Physiologically, Scheer [24] found no metabolic costs when using a 1.0 kg of added weight via water bottle, waist belt or backpack, running at an average speed of 3.3 m·s⁻¹ (11.8 km·hr⁻¹), somewhat faster than the average speed in this study, but with weight equivalent to the backpack with 0.5 L of water. Scheer [25] did find significantly reduced metabolic costs after 20 min of running with a 3 kg and 6 kg pack that was equally distributed on the front and back, compared to a pack that was solely loaded on the back. Also, no significant changes in kinematic measures of running were found when carrying water by hand (454 g) or on the waist (676 g) [26].

During marathon and ultramarathon training and racing, the frequency of steps taken is high and therefore the musculoskeletal structures involved can become injured even with lower stresses [3]. These stresses come from a variety of sources both internal and external [27], though the combination of weight and running speed are key factors. Even with a slight increase in stress, such as the addition of a hydration pack, the musculoskeletal system can reach a stress–frequency relationship that over time will result in injuries.

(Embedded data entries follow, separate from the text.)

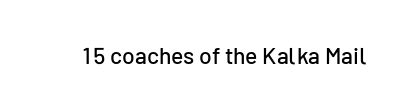
The image shows 23 px text type, upright; set normal letter spacing, not underlined.
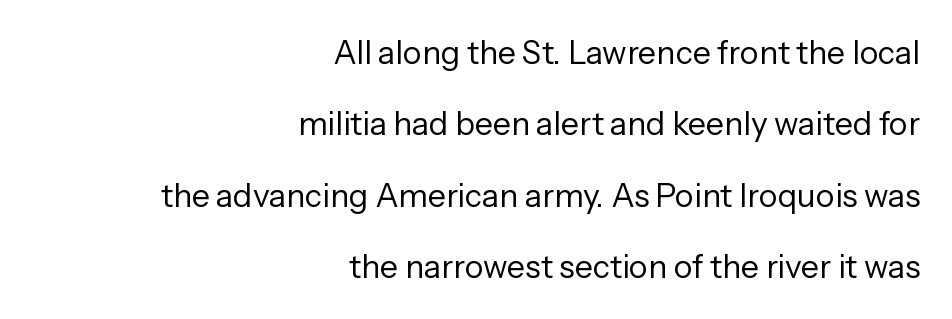
Q: Is the text bold? A: No.
Q: Is the text italic (slanted)? A: No, it is upright.
Q: Is the typeface a serif or a sans-serif typeface? A: Sans-serif.
Q: Is the text underlined? A: No.
Q: How is the paragraph aligned? A: Right-aligned.
Q: Is the spacing between letters normal or unusually wide? A: Normal.
Q: Is the spacing between lines tight, normal or loose? A: Loose.
Q: Width (condensed, normal, or wide)? A: Normal.
Q: Stroke contrast? A: Low.
Q: x-height? A: Medium.
Q: Monospaced? A: No.

Increased magnitudes or volumes of impact forces, like those experienced during load carriage or running, are a major risk factor for overuse injuries [10,12].

Several limitations of this study should be noted. First, although not significant, there were differences in the running velocities across the four conditions, which may have affected the outcome of the study. Furthermore, the packs were consistent with what a distance runner would wear, though these loads are relatively small. Finally, testing was performed in laboratory conditions with participants rested. The outcomes may be different in outdoor conditions and when participants are fatigued to different levels; these should be considerations for future studies.

Overall, this study showed a lack of increased GRF with increases in hydration pack weight and may likely be attributable to a combination of insufficient weight, wobbling of the water, and adjustments by the participants. However, these outcomes may be different when individuals have been running for a period, are running in outdoor conditions, and/or are starting to become fatigued. Therefore, runners and coaches should take the outcome of this study with caution. Still, based on the outcome of this study, it is believed that adding a hydration pack of up to 2.5 L (i.e., 3.2 kg) will not increase the likelihood of injuries, especially when the benefit of readily available hydration is considered.